:: Record excerpts ::
Segment Open

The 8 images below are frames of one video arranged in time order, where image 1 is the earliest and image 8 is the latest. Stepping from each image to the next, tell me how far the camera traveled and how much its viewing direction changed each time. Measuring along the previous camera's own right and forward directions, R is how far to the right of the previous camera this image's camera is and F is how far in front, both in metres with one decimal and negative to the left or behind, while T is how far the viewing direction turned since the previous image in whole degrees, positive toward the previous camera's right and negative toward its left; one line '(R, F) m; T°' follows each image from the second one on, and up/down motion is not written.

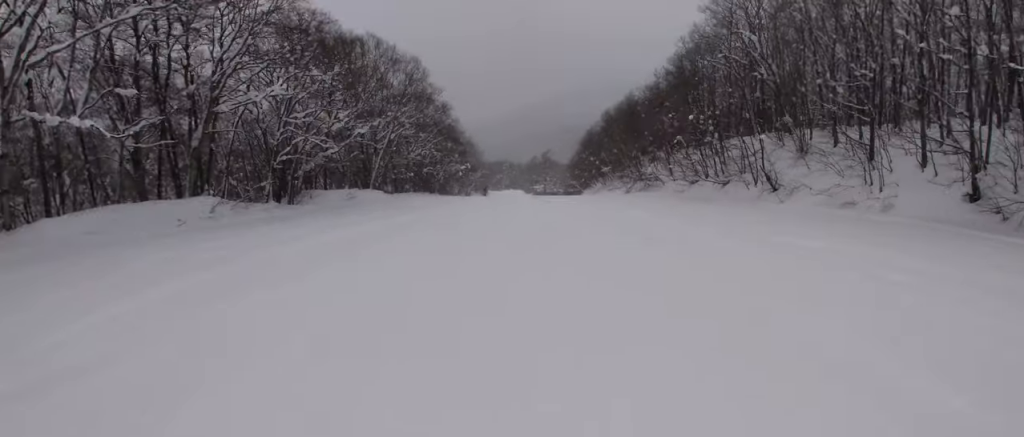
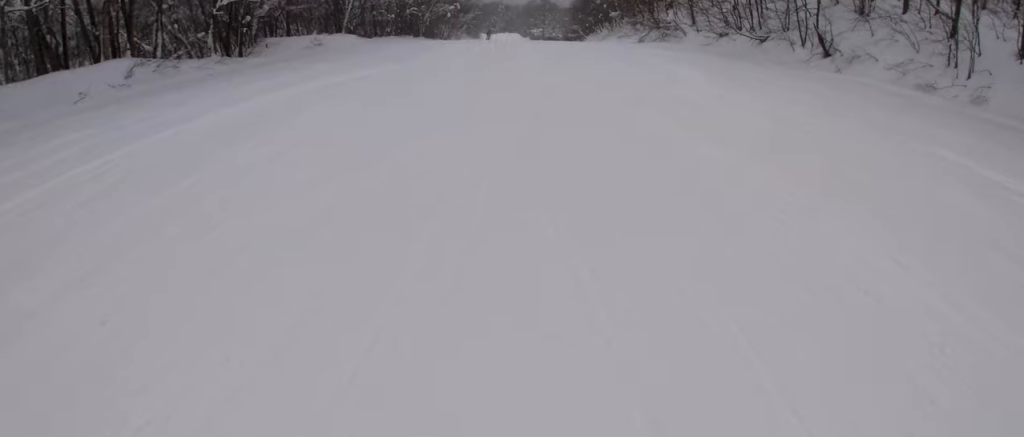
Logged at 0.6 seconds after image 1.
(+0.8, +6.5) m; +1°
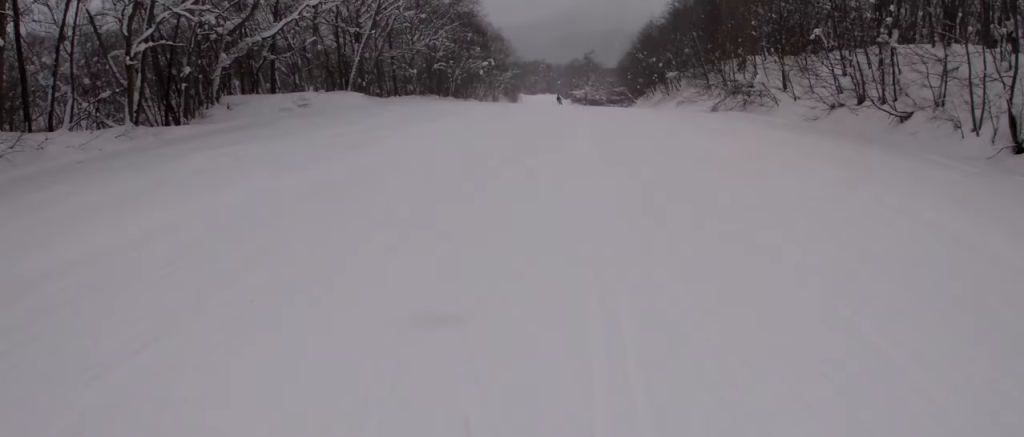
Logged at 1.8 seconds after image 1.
(-1.5, +13.3) m; -5°
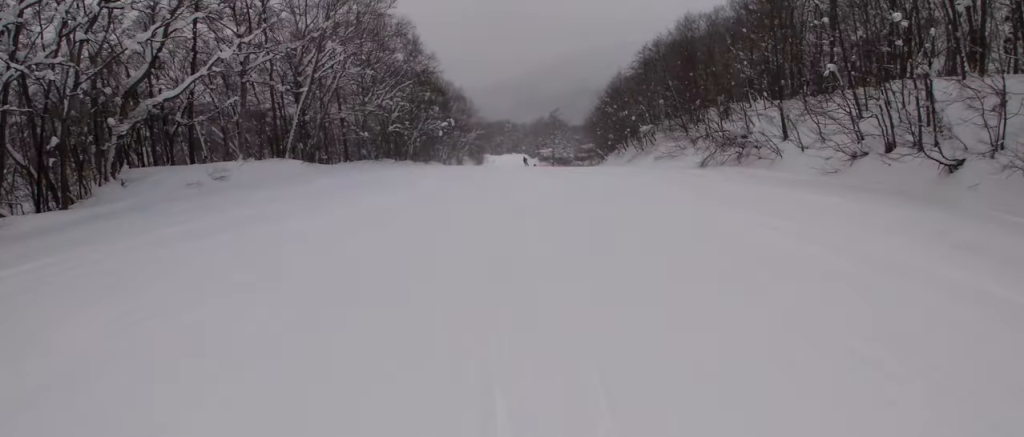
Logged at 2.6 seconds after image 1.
(-0.3, +7.4) m; +6°
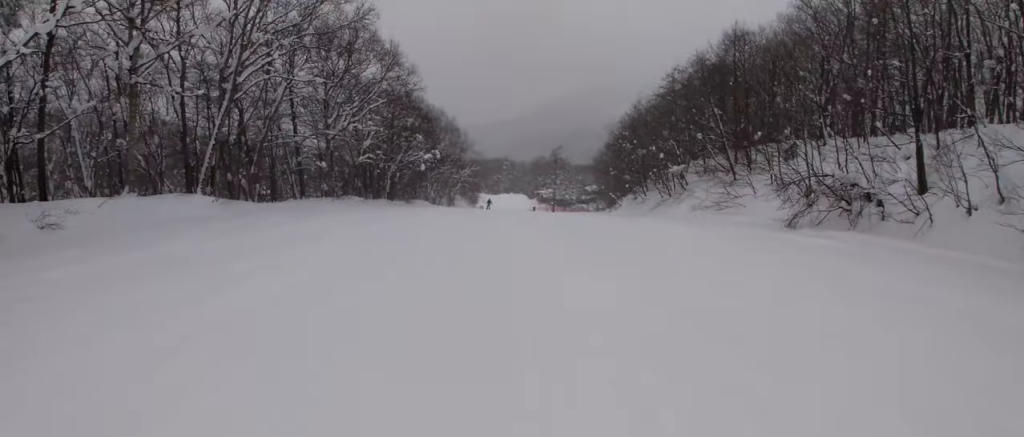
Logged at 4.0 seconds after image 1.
(+0.9, +14.0) m; -3°
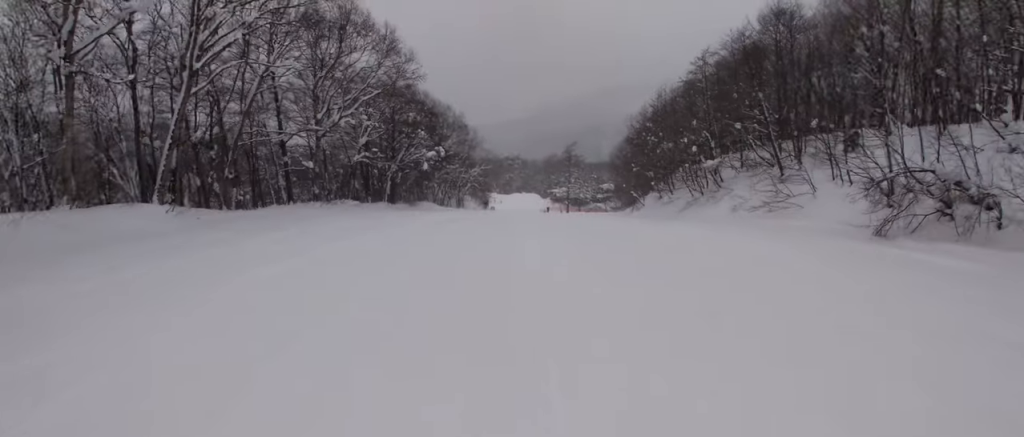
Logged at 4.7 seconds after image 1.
(-0.5, +6.3) m; -5°
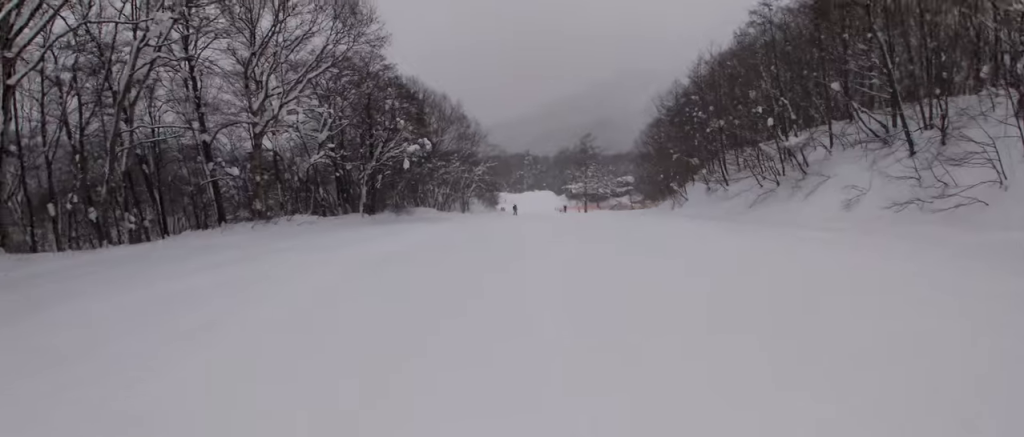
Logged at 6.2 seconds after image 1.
(0.0, +13.8) m; 0°
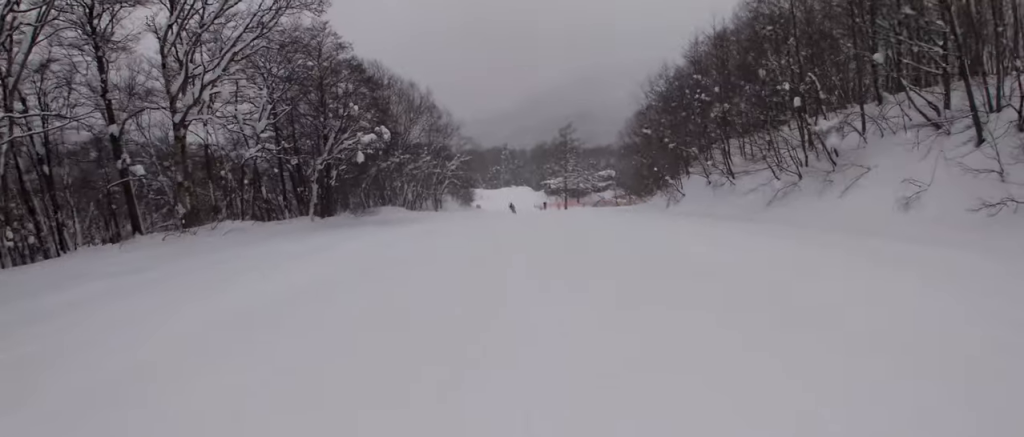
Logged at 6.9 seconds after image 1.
(0.0, +6.7) m; +3°
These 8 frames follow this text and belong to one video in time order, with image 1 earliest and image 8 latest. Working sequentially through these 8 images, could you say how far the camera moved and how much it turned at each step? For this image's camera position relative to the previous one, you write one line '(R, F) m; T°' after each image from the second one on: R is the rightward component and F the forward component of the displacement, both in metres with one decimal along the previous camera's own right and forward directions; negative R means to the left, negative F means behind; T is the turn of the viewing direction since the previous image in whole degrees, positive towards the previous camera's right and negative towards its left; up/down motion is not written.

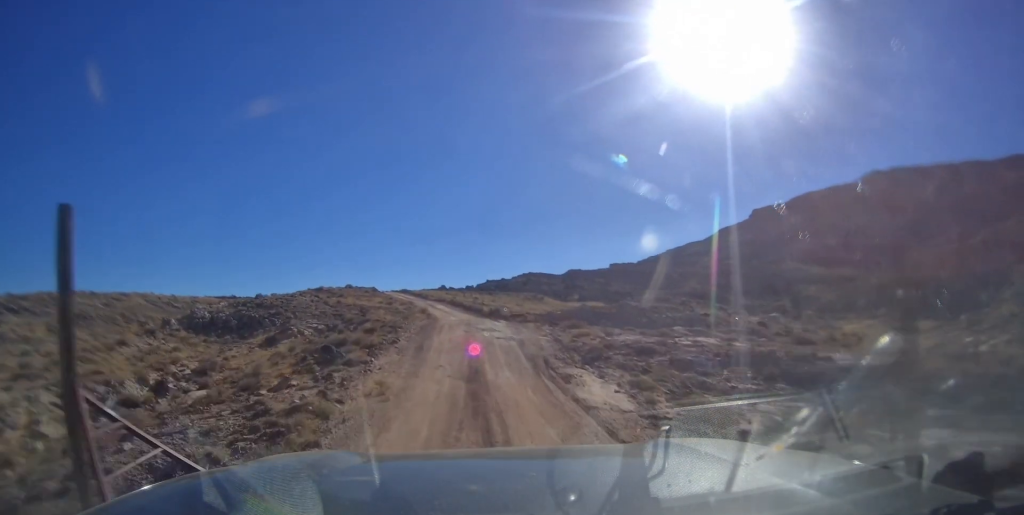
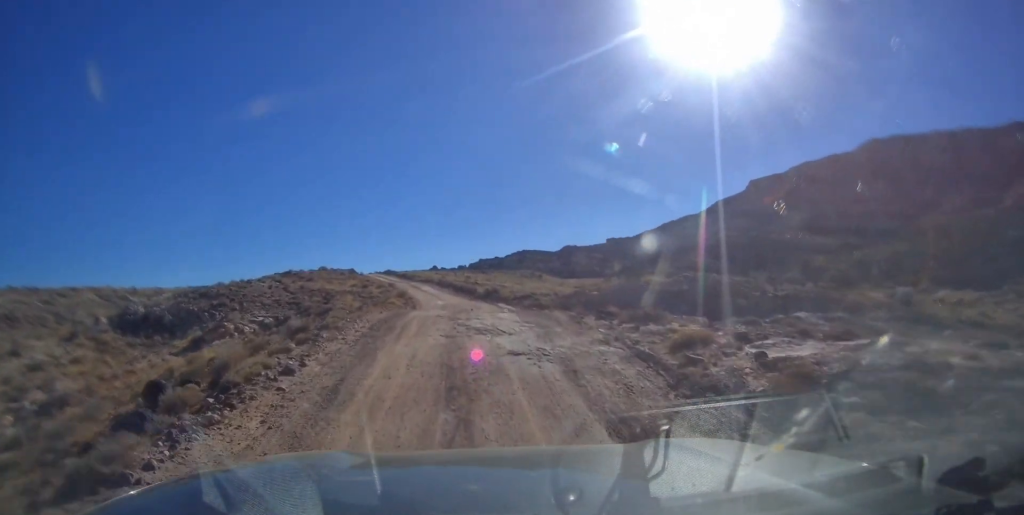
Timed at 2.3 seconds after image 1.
(+0.7, +12.2) m; +4°
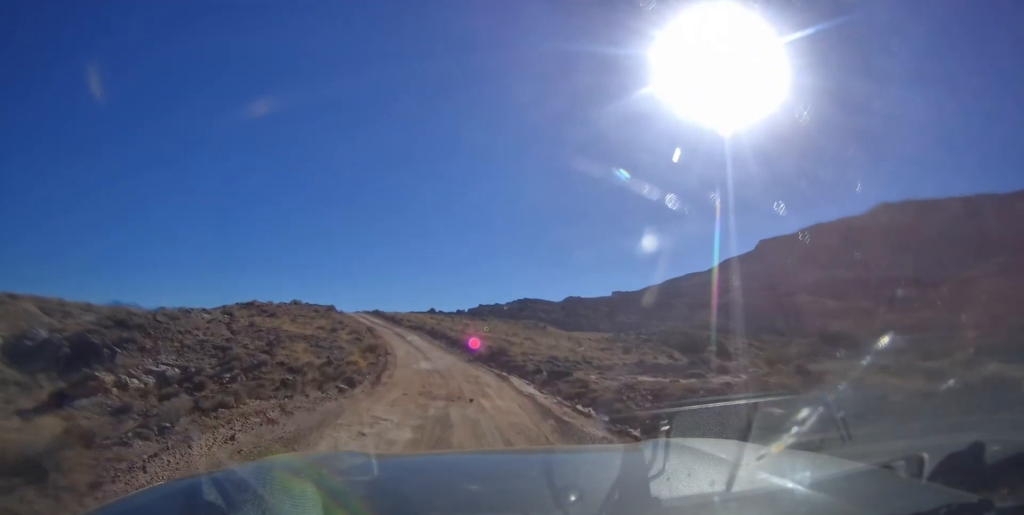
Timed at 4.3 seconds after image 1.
(+0.1, +11.8) m; 0°
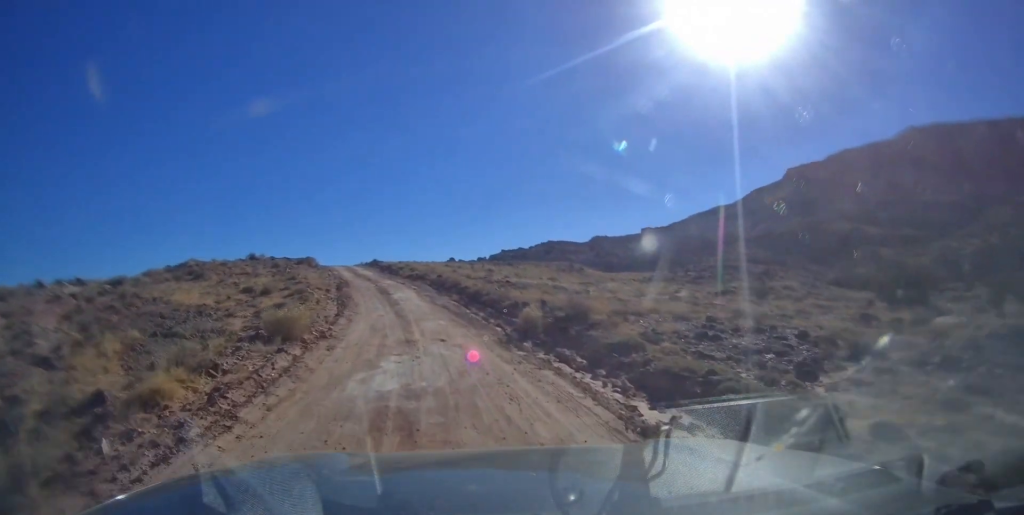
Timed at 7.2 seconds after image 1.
(+0.2, +17.5) m; -2°
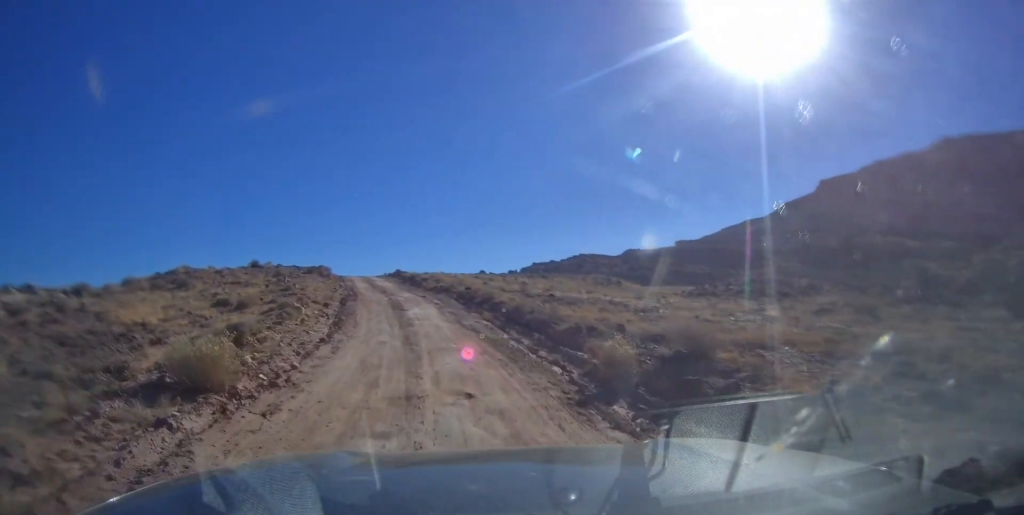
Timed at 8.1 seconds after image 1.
(-0.1, +5.6) m; -2°
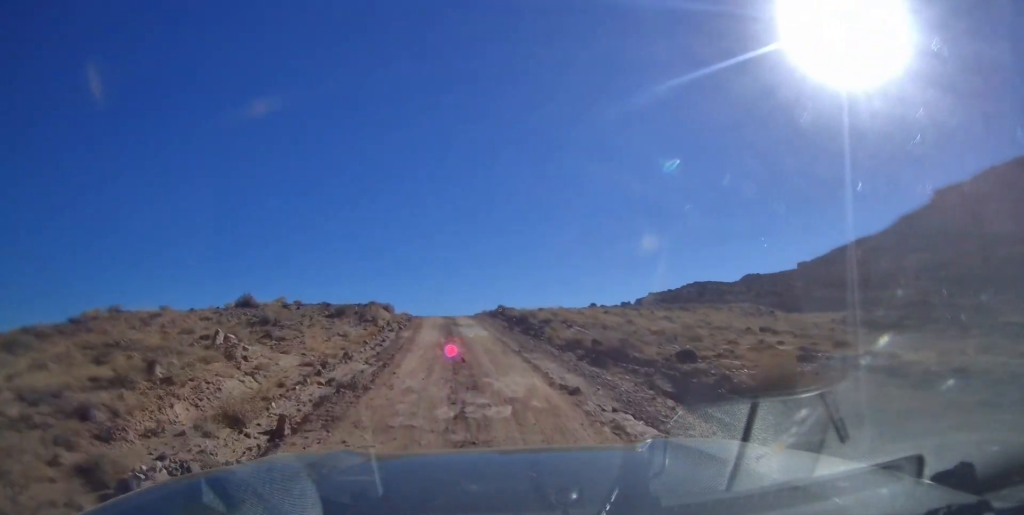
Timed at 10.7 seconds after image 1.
(-1.1, +17.6) m; -6°
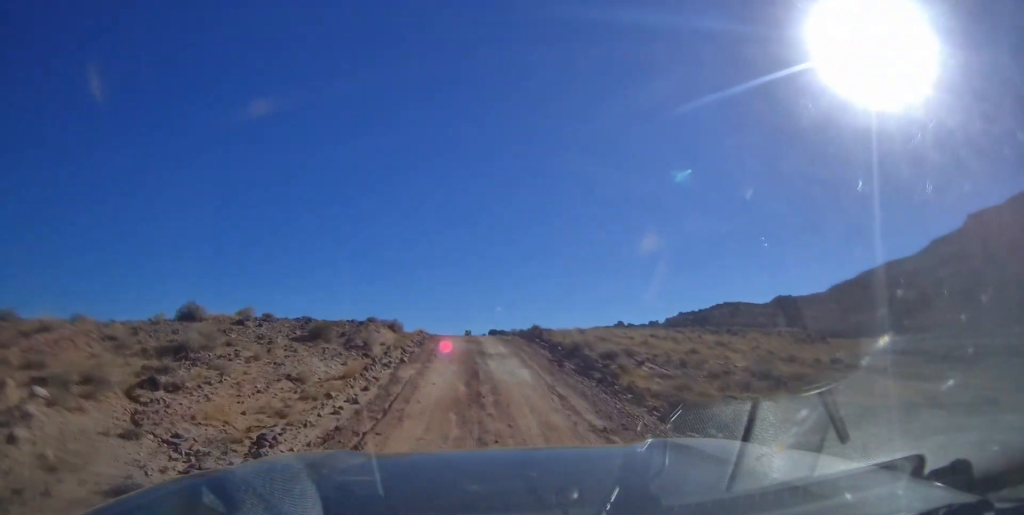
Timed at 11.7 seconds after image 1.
(0.0, +6.9) m; -2°
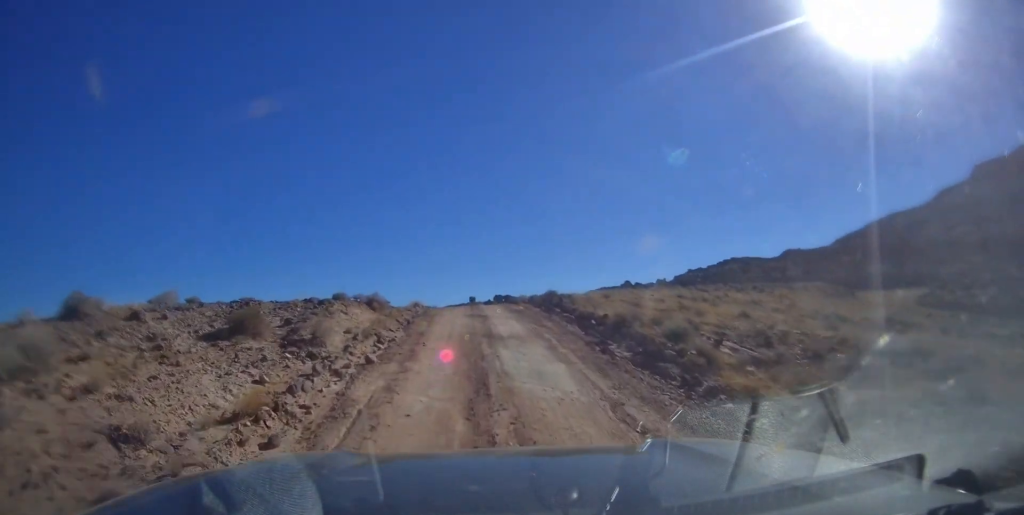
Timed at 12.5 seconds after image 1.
(-0.2, +6.0) m; -2°

Segment Closed

:: Problem statement ::
Keep pictures out and return the lines from the one containing "Logged at 6.2 seconds after image 1." through the end of the listing, both included, character for character.

:: Result of this task ::
Logged at 6.2 seconds after image 1.
(0.0, +13.8) m; 0°
Logged at 6.9 seconds after image 1.
(0.0, +6.7) m; +3°
These 8 frames follow this text and belong to one video in time order, with image 1 earliest and image 8 latest. Working sequentially through these 8 images, could you say how far the camera moved and how much it turned at each step? For this image's camera position relative to the previous one, you write one line '(R, F) m; T°' after each image from the second one on: R is the rightward component and F the forward component of the displacement, both in metres with one decimal along the previous camera's own right and forward directions; negative R means to the left, negative F means behind; T is the turn of the viewing direction since the previous image in whole degrees, positive towards the previous camera's right and negative towards its left; up/down motion is not written.

Timed at 2.3 seconds after image 1.
(+0.7, +12.2) m; +4°
Timed at 4.3 seconds after image 1.
(+0.1, +11.8) m; 0°
Timed at 7.2 seconds after image 1.
(+0.2, +17.5) m; -2°
Timed at 8.1 seconds after image 1.
(-0.1, +5.6) m; -2°
Timed at 10.7 seconds after image 1.
(-1.1, +17.6) m; -6°
Timed at 11.7 seconds after image 1.
(0.0, +6.9) m; -2°
Timed at 12.5 seconds after image 1.
(-0.2, +6.0) m; -2°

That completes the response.